** Material supplied follows **

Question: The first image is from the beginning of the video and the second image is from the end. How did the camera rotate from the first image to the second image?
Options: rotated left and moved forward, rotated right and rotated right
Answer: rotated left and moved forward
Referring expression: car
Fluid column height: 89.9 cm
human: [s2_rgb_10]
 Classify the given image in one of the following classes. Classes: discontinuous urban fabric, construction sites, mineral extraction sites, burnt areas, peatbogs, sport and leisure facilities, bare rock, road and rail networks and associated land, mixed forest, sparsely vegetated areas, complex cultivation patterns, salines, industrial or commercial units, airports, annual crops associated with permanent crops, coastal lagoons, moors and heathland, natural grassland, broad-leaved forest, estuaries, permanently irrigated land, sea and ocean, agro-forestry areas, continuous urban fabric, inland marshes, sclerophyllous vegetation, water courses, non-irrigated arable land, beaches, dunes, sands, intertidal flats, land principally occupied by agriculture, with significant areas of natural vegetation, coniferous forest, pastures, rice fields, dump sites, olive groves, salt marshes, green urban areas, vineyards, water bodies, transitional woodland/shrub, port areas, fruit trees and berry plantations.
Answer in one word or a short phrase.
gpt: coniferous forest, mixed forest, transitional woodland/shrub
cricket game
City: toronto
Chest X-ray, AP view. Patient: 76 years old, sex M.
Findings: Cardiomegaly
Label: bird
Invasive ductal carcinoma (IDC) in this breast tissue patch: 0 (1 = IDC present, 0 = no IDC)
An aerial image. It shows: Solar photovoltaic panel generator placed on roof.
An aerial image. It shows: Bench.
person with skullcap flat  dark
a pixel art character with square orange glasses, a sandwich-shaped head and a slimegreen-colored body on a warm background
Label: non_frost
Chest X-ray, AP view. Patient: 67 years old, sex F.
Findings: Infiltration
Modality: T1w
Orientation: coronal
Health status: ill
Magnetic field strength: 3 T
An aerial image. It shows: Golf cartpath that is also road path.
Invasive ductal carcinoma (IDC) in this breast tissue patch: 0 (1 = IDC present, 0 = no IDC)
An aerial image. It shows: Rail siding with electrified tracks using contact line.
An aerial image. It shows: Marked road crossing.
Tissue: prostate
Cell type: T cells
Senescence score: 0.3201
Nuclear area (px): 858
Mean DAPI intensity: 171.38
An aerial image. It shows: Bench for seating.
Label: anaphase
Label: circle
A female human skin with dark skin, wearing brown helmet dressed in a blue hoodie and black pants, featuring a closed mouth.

** End of Material supplied **

**Problem to solve**
Output these and nothing else: the lines from the one holding "Chest X-ray, AP view. Patient: 67" through the final line of the entries above, exactly as they appear.

**Exercise output**
Chest X-ray, AP view. Patient: 67 years old, sex F.
Findings: Infiltration
Modality: T1w
Orientation: coronal
Health status: ill
Magnetic field strength: 3 T
An aerial image. It shows: Golf cartpath that is also road path.
Invasive ductal carcinoma (IDC) in this breast tissue patch: 0 (1 = IDC present, 0 = no IDC)
An aerial image. It shows: Rail siding with electrified tracks using contact line.
An aerial image. It shows: Marked road crossing.
Tissue: prostate
Cell type: T cells
Senescence score: 0.3201
Nuclear area (px): 858
Mean DAPI intensity: 171.38
An aerial image. It shows: Bench for seating.
Label: anaphase
Label: circle
A female human skin with dark skin, wearing brown helmet dressed in a blue hoodie and black pants, featuring a closed mouth.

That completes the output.